To achieve this goal, the authors developed an immunoprofiling system combining multiparametric flow cytometry and machine learning (ML) platforms. The research involved the following major steps:

  1. Sample Collection and Processing: Peripheral blood samples were collected from 408 healthy volunteers and 442 cancer patients, and processed using red blood cell removal techniques.
  2. Antibody Panel Design: Designed 10 dedicated antibody panels (9 specific cell type panels and one general framework panel) to cover different immune cell subsets.
  3. Flow Cytometry Analysis: Conducted multicolor flow cytometry on leukocytes isolated from peripheral blood, using antibody panels to quantitatively analyze all CD45+ cells.
  4. Machine Learning Model Training: Manually labeled the flow cytometry data and used these labeled data to train gradient boosting machine learning models to automatically identify different immune cell subsets.
  5. Data Validation and Analysis: Used the trained models for systematic analysis of samples from cancer patients and healthy volunteers to identify significant diagnostic or prognostic differences in immune cell composition.

Main Experimental Results

Initial comparisons between healthy volunteers and cancer patients revealed significant differences in monocytes and T cells (CD4+ and CD8+) and B cells. In further large-scale analyses, the authors identified five types of immunotypes, each with distinct cell type distributions and gene expression profiles.
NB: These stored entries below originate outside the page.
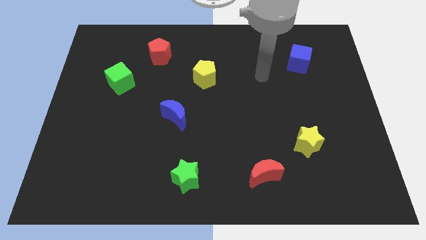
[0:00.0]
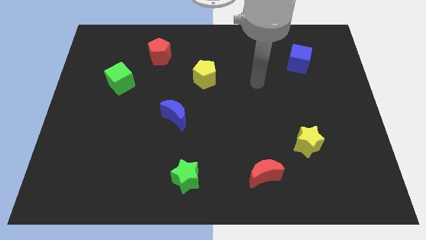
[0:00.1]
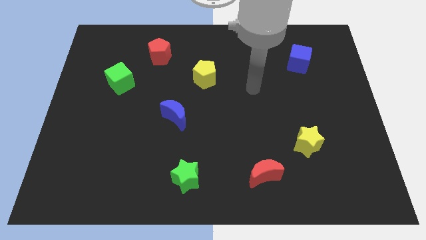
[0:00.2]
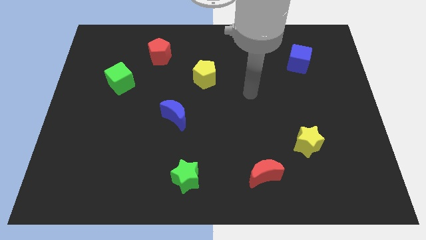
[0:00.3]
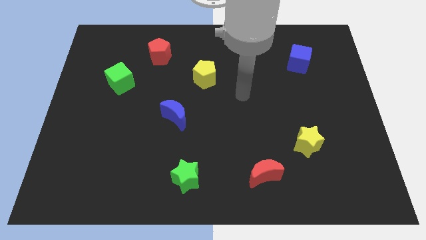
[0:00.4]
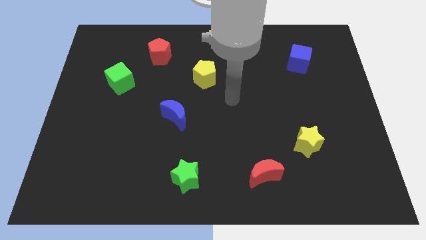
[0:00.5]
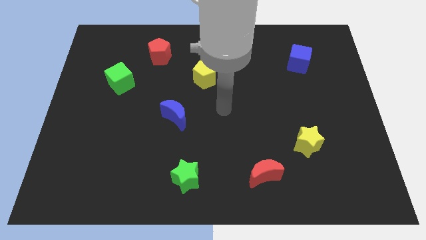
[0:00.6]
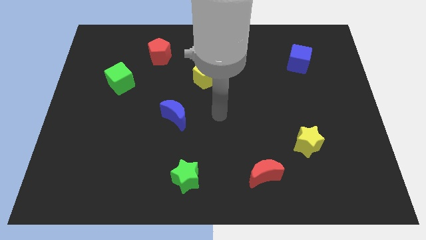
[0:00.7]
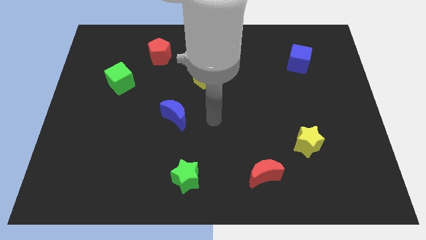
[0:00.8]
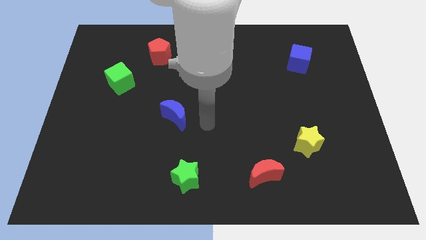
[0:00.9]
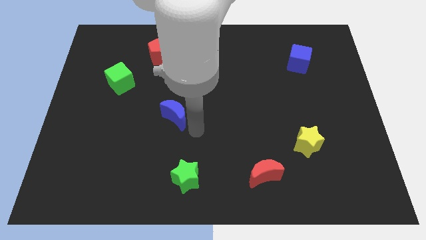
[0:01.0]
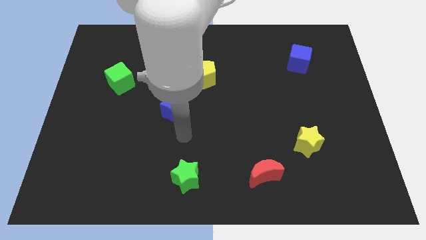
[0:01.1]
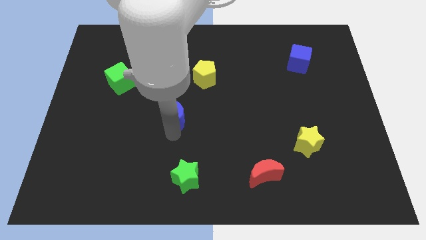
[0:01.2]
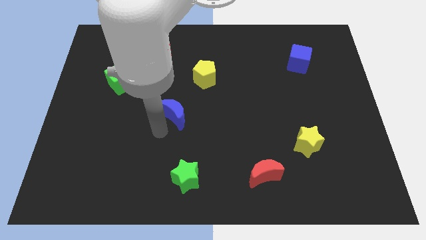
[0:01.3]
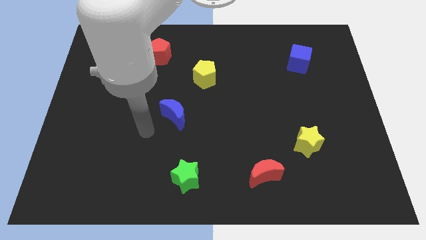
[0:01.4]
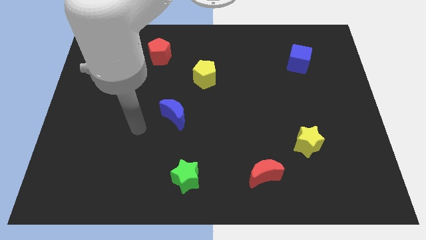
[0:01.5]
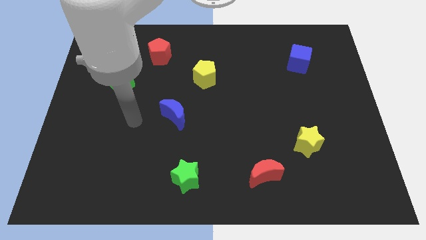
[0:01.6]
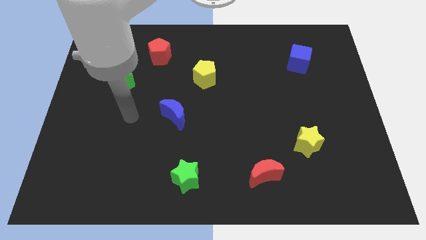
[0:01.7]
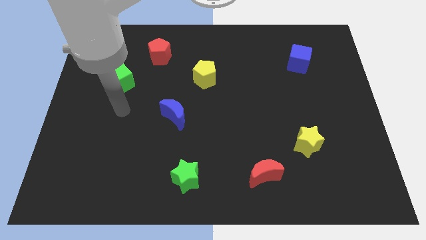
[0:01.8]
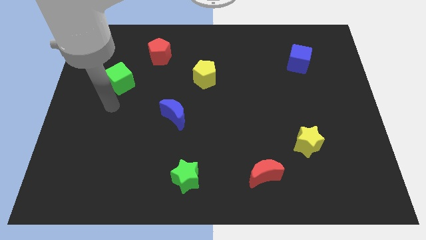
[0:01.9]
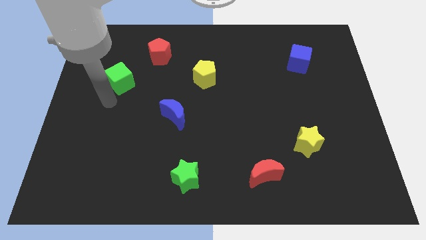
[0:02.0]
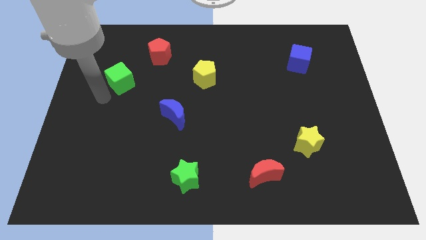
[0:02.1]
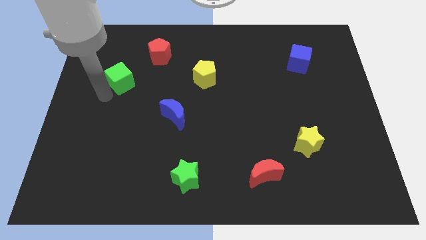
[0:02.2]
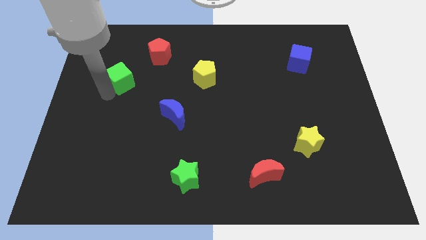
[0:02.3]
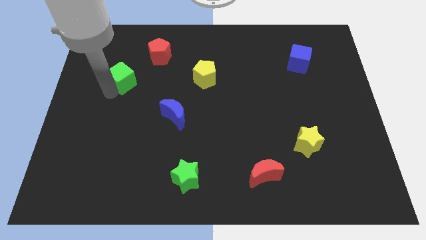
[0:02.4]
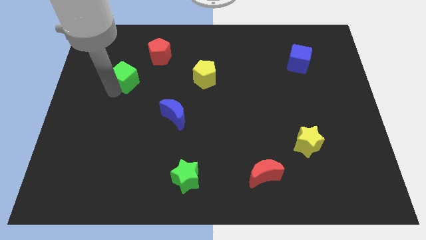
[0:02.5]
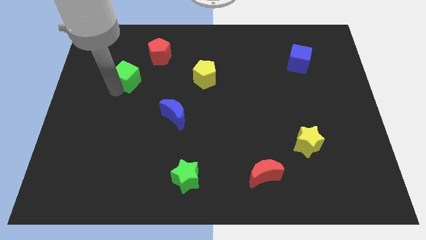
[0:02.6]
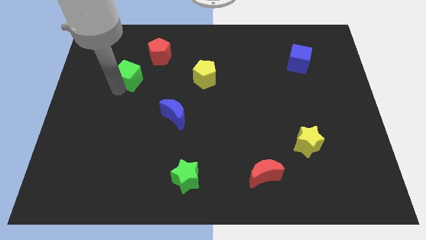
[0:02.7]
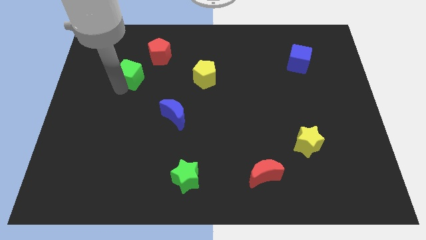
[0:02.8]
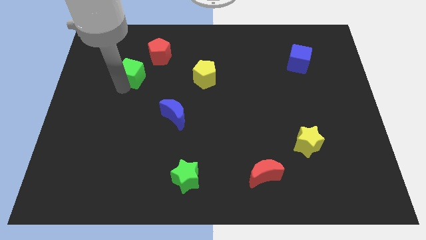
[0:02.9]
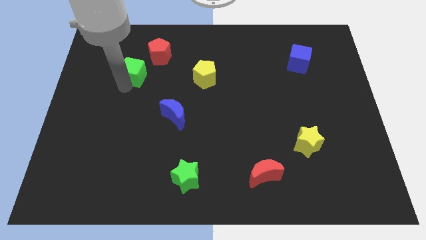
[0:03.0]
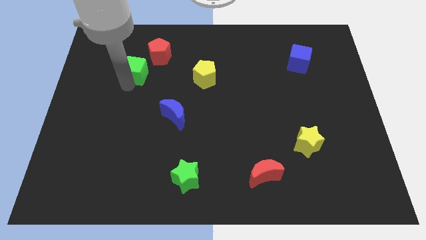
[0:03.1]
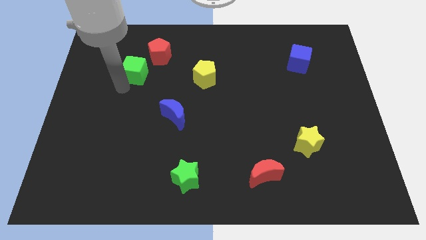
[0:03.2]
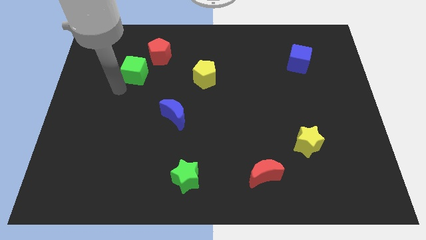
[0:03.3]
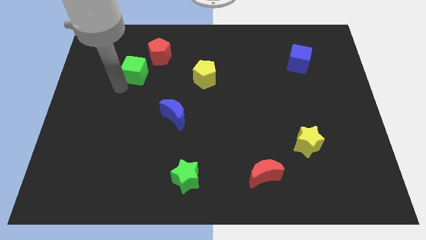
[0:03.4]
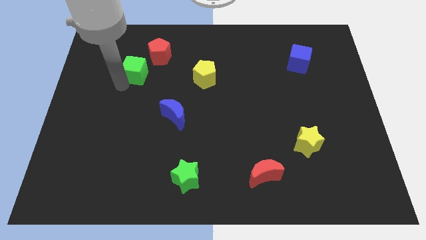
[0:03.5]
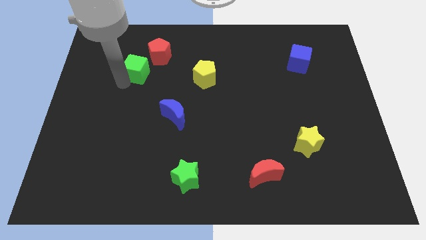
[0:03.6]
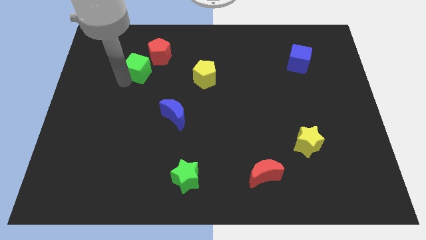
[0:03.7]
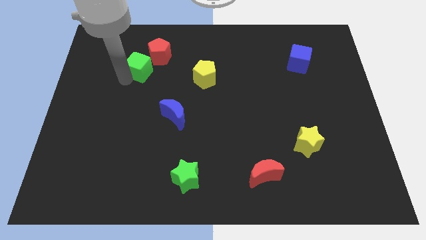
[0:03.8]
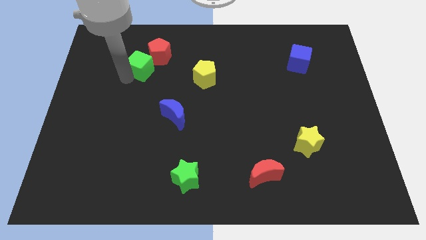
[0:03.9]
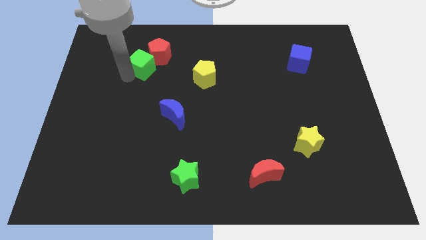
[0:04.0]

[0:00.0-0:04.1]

These immunotypes include:

  1. G1 Type: Rich in naïve CD4+ T cells, CD8+ T cells, and B cells.
  2. G2 Type: Exhibits a higher proportion of differentiated CD4+ central and transitional memory T cells, and CD39+ regulatory T cells.
  3. G3 Type: Increased mature NK cells and PD-1+, TIGIT+ CD8+ T cells.
  4. G4 Type: Includes NKT cells, terminally differentiated effector memory CD45RA+ and CD45RA- CD4+ and CD8+ T cells.
  5. G5 Type: Rich in classical monocytes, HLA-DRlow monocytes, and neutrophils.

Additionally, to validate the clinical significance and practicality of these immunotypes, the authors created an immunotype-based signature score system using spectral clustering, gene expression profiling, and systematic immune response evaluations. This system was applied to a series of studies on cancer patients’ treatment responses.

Research Significance

This study developed a new clinical immunoprofiling platform by combining high-parameter flow cytometry and machine learning technologies. The research indicates that peripheral blood immunotypes not only reflect the state of the patient’s immune system but can also predict cancer patients’ responses to different treatments, such as immunotherapy. This platform can be widely applied among cancer patients, providing stratified prognosis and treatment response predictions through simple blood tests, thereby enhancing the specificity and effectiveness of clinical treatments.

Research Highlights

  1. Novel Approach: Developed an efficient clinical immunoprofiling platform by combining flow cytometry with machine learning models.
  2. Multiparametric Analysis: Conducted systematic immune cell typing through ten extensive antibody panels, achieving comprehensive analysis of 650 cell types and activation states.
  3. Immunotype Scoring System: Developed a continuous immunotype-based signature scoring system that effectively explains the systematic immune circumstances of cancer patients’ different treatment responses.
  4. Wide Applicability: Verified the universal presence and applicability of five immunotypes across various cancer types and treatment responses, demonstrating the platform’s broad clinical value.

Summary

This research systematically analyzed and identified five conserved immunotypes in the peripheral blood of cancer patients and evaluated their relationships with immunotherapy responses. The findings not only provide new perspectives and tools for personalized immunotherapy but also offer clinicians a simple and feasible method for immune detection, improving the predictive and monitoring capabilities of cancer treatment. In the future, further research and application may simplify the diagnostic and therapeutic process for cancer patients and promote the optimization and development of immunotherapy.